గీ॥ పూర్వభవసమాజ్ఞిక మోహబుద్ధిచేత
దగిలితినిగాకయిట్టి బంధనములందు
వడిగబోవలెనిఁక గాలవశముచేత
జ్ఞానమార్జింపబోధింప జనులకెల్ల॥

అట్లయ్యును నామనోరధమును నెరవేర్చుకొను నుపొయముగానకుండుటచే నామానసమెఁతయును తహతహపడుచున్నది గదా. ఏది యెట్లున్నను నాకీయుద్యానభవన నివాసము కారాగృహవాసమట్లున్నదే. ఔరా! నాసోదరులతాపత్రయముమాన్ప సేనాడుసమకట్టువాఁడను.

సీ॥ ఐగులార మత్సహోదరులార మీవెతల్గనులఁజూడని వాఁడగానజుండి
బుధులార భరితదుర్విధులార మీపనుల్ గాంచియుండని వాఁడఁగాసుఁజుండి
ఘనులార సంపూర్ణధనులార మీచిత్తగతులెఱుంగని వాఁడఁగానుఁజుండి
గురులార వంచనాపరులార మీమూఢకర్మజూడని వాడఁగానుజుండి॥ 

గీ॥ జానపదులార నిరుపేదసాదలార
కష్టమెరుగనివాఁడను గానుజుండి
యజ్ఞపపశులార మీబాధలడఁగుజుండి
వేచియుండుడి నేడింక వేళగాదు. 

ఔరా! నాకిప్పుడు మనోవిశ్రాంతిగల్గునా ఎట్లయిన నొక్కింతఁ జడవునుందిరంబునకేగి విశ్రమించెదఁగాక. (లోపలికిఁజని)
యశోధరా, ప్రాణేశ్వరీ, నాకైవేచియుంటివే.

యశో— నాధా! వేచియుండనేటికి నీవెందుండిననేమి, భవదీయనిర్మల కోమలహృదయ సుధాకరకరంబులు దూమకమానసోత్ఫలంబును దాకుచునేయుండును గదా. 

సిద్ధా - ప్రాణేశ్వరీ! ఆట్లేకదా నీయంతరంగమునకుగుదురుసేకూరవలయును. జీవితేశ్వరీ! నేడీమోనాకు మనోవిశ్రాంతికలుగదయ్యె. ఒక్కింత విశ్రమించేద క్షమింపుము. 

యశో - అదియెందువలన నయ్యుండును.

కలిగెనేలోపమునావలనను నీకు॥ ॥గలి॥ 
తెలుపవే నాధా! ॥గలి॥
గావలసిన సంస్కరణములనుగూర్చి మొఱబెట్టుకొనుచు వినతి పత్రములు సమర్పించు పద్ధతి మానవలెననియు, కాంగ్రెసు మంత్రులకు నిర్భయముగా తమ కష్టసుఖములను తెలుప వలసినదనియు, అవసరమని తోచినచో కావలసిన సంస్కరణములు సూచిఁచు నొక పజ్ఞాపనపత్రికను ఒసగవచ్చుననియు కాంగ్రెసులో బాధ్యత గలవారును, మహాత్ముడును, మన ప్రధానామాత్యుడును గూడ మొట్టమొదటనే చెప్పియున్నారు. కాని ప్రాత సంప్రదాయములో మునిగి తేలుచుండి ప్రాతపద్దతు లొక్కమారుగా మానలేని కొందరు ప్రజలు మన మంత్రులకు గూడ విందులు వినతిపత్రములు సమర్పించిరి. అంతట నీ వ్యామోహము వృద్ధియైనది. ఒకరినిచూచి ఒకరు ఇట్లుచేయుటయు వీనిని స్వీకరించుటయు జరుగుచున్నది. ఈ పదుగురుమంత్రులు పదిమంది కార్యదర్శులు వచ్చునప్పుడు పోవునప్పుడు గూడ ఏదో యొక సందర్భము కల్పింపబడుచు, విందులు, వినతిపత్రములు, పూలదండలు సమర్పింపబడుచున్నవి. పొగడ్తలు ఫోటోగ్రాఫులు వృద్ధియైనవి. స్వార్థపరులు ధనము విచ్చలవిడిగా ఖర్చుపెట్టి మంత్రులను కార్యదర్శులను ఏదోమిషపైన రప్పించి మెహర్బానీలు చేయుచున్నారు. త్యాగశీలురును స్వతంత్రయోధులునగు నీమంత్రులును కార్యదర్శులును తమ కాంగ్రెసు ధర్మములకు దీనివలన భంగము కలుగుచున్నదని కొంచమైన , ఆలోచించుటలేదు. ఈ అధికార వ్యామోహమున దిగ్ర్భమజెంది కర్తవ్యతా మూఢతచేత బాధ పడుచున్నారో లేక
== == ==
# BRIEF
Each line from the top of the records through the one with "జ్ఞానమార్జింపబోధింప జనులకెల్ల॥" should be returned exactly. Leave out everything else.

# ANSWER TO THIS TASK
గీ॥ పూర్వభవసమాజ్ఞిక మోహబుద్ధిచేత
దగిలితినిగాకయిట్టి బంధనములందు
వడిగబోవలెనిఁక గాలవశముచేత
జ్ఞానమార్జింపబోధింప జనులకెల్ల॥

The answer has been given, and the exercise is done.